Dataset tokenization and training configuration:

def tokenize_function(example):
    encoded = tokenizer(example['question'], truncation=True, padding='max_length', max_length=128)
    encoded["labels"] = tokenizer(example["answer"], truncation=True, padding="max_length", max_length=128)["input_ids"]
    return encoded

data_files = {"train": "train.json", "validation": "train.json"}
dataset = load_dataset('./dataset', data_files=data_files)
tokenized_dataset = dataset.map(tokenize_function, batched=True)
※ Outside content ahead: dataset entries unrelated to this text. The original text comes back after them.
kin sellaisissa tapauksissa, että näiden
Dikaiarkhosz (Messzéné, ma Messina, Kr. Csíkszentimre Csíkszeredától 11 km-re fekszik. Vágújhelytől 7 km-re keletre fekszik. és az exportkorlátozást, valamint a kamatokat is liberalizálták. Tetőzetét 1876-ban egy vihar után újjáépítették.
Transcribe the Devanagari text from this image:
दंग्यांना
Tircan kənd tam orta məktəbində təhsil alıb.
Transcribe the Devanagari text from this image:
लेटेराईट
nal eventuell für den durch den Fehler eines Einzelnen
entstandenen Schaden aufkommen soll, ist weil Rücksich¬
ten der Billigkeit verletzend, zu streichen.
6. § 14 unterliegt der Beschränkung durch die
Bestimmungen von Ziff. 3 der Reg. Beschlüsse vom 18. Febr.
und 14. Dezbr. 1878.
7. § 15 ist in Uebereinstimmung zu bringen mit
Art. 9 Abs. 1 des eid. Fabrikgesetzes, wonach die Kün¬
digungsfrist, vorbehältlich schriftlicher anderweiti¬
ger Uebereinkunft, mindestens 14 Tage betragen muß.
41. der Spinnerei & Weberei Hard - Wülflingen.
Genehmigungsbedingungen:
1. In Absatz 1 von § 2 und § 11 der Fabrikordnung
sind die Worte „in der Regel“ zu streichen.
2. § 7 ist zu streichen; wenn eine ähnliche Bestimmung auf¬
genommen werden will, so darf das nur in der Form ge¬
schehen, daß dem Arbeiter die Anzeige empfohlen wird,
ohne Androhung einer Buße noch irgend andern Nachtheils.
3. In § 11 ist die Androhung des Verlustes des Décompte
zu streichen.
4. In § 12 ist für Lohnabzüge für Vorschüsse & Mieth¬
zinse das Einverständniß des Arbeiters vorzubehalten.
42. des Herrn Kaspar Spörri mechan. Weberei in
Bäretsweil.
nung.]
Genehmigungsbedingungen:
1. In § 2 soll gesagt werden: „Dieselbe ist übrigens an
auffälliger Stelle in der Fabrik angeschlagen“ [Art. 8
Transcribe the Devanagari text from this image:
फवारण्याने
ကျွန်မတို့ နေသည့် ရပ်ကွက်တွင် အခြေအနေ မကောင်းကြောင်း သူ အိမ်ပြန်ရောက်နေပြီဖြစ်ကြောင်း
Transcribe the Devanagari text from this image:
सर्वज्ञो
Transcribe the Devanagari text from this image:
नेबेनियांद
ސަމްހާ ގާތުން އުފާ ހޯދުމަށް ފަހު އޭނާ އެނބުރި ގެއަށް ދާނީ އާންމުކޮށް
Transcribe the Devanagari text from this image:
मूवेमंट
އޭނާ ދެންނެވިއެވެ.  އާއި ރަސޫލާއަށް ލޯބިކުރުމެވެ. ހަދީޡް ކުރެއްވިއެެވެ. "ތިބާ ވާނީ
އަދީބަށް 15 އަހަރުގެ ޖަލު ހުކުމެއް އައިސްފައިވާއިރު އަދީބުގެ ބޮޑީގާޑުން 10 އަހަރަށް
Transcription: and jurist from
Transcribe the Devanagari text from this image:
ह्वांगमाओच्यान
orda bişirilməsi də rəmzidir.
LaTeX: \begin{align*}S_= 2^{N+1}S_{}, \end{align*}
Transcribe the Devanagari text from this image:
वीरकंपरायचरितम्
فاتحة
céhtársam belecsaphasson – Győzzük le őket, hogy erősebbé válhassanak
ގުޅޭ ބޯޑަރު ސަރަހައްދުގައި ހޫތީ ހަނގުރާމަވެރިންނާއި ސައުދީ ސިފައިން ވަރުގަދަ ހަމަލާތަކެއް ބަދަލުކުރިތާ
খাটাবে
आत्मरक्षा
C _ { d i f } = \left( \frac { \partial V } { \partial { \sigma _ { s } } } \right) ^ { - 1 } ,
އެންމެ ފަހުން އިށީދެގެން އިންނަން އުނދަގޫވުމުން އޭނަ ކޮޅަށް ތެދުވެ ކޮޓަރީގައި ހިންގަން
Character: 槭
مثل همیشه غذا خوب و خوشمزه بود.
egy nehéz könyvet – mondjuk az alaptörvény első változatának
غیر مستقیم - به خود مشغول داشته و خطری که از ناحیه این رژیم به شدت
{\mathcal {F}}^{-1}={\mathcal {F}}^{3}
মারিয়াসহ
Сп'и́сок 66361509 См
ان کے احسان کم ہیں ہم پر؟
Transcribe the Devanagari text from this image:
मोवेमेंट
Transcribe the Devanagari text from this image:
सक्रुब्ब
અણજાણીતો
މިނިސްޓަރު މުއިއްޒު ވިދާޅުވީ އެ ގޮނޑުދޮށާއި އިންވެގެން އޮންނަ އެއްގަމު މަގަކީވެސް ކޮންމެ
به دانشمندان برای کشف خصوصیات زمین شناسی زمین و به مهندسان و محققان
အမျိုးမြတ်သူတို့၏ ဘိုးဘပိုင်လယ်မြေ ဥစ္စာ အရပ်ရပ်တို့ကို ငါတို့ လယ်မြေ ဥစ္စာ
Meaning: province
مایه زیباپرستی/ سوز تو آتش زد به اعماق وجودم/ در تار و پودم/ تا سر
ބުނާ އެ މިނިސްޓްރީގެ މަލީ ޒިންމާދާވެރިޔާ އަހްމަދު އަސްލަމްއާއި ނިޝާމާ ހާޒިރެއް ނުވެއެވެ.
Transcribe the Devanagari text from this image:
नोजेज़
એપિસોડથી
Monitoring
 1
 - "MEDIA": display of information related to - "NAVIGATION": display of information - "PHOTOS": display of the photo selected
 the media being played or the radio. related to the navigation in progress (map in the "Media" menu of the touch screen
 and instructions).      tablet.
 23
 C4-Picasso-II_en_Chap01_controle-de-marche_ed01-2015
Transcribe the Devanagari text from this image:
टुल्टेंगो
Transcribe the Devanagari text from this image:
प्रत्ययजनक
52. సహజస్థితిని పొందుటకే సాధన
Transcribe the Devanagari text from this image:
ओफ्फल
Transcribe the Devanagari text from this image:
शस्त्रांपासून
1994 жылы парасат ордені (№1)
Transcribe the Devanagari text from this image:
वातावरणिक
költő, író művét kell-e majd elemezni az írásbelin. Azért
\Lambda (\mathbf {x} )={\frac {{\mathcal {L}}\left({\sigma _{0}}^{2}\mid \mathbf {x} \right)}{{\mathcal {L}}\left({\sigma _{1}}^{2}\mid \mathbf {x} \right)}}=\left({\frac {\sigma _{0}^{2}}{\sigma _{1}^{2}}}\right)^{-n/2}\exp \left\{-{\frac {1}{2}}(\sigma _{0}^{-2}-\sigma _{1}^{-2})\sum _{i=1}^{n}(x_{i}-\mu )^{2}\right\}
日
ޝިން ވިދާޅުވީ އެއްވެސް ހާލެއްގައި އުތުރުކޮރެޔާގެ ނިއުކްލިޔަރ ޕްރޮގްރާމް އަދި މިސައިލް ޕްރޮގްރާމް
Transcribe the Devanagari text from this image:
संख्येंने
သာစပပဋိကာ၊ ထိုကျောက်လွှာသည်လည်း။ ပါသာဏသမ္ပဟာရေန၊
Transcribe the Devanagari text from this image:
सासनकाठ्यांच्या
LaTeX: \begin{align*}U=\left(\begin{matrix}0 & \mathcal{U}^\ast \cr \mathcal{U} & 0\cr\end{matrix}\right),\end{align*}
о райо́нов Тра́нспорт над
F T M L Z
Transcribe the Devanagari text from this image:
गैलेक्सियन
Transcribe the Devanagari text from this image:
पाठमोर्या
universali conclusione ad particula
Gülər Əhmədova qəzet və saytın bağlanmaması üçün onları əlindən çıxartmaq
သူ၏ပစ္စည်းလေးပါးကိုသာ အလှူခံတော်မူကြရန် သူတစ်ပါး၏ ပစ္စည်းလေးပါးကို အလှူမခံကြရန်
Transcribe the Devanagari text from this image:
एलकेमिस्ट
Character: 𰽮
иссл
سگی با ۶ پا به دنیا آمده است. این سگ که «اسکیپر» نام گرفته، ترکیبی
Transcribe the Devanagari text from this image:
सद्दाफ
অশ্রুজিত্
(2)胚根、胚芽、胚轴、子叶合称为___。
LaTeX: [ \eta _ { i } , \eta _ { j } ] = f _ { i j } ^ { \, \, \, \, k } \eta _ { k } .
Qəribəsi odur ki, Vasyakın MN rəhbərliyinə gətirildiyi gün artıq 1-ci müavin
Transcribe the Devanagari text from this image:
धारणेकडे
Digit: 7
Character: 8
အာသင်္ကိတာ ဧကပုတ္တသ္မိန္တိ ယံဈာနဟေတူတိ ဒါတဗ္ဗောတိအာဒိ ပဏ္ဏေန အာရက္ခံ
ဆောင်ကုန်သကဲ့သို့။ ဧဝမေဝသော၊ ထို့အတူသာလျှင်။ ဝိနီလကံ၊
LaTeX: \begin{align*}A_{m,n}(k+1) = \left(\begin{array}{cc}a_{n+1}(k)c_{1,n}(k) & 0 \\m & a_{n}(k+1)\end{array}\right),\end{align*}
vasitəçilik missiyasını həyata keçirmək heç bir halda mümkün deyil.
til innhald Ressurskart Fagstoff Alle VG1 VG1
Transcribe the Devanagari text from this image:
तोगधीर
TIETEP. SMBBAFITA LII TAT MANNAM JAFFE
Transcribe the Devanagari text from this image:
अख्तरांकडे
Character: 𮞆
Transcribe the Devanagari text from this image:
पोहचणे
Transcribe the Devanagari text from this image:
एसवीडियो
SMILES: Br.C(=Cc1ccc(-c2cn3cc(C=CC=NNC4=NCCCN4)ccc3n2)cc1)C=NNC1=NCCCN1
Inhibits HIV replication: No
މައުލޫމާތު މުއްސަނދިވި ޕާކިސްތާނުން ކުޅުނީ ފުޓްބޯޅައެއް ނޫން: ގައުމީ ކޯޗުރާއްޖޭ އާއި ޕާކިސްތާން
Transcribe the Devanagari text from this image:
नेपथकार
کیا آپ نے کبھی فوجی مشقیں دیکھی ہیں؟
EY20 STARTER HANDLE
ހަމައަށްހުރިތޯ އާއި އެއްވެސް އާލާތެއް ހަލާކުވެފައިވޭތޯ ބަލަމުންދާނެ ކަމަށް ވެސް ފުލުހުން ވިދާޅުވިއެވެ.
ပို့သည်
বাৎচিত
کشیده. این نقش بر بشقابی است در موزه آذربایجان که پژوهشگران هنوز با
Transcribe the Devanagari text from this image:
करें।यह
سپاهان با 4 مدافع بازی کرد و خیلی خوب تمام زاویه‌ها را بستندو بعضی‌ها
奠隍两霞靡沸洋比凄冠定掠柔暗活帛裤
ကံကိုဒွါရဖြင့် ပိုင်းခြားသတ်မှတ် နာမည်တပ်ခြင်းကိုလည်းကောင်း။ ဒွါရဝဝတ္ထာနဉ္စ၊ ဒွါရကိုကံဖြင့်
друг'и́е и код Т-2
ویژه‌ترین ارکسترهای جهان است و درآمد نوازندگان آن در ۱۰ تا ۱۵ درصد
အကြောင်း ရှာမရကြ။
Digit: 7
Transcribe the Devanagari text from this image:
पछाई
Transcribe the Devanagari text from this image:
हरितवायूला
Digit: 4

training_args = TrainingArguments(
    output_dir="outputs",
    learning_rate=1e-3,
    per_device_train_batch_size=4,
    per_device_eval_batch_size=4,
    num_train_epochs=2,
    weight_decay=0.01,
    evaluation_strategy="epoch",
    save_strategy="epoch",
    load_best_model_at_end=True,
)
trainer = Trainer(
    model=model,
    args=training_args,
    train_dataset=tokenized_dataset["train"],
    eval_dataset=tokenized_dataset["validation"],
    tokenizer=tokenizer,
)
trainer.train()
model.save_pretrained("outputs")

6. Inference with the LoRA‑adapted Model

Loading the LoRA adapter and generating answers:

model.load_adapter('outputs', adapter_name='lora01')
model.set_adapter("lora01")
model.eval()
inputs = tokenizer("作者小时候看了一本关于什么的书？", return_tensors="pt")
outputs = model.generate(input_ids=inputs["input_ids"].to("cuda"), max_new_tokens=50)
print(tokenizer.batch_decode(outputs.detach().cpu().numpy(), skip_special_tokens=True)[0])

The article concludes that the fine‑tuned model can be used just like the original AutoModelForCausalLM for downstream tasks.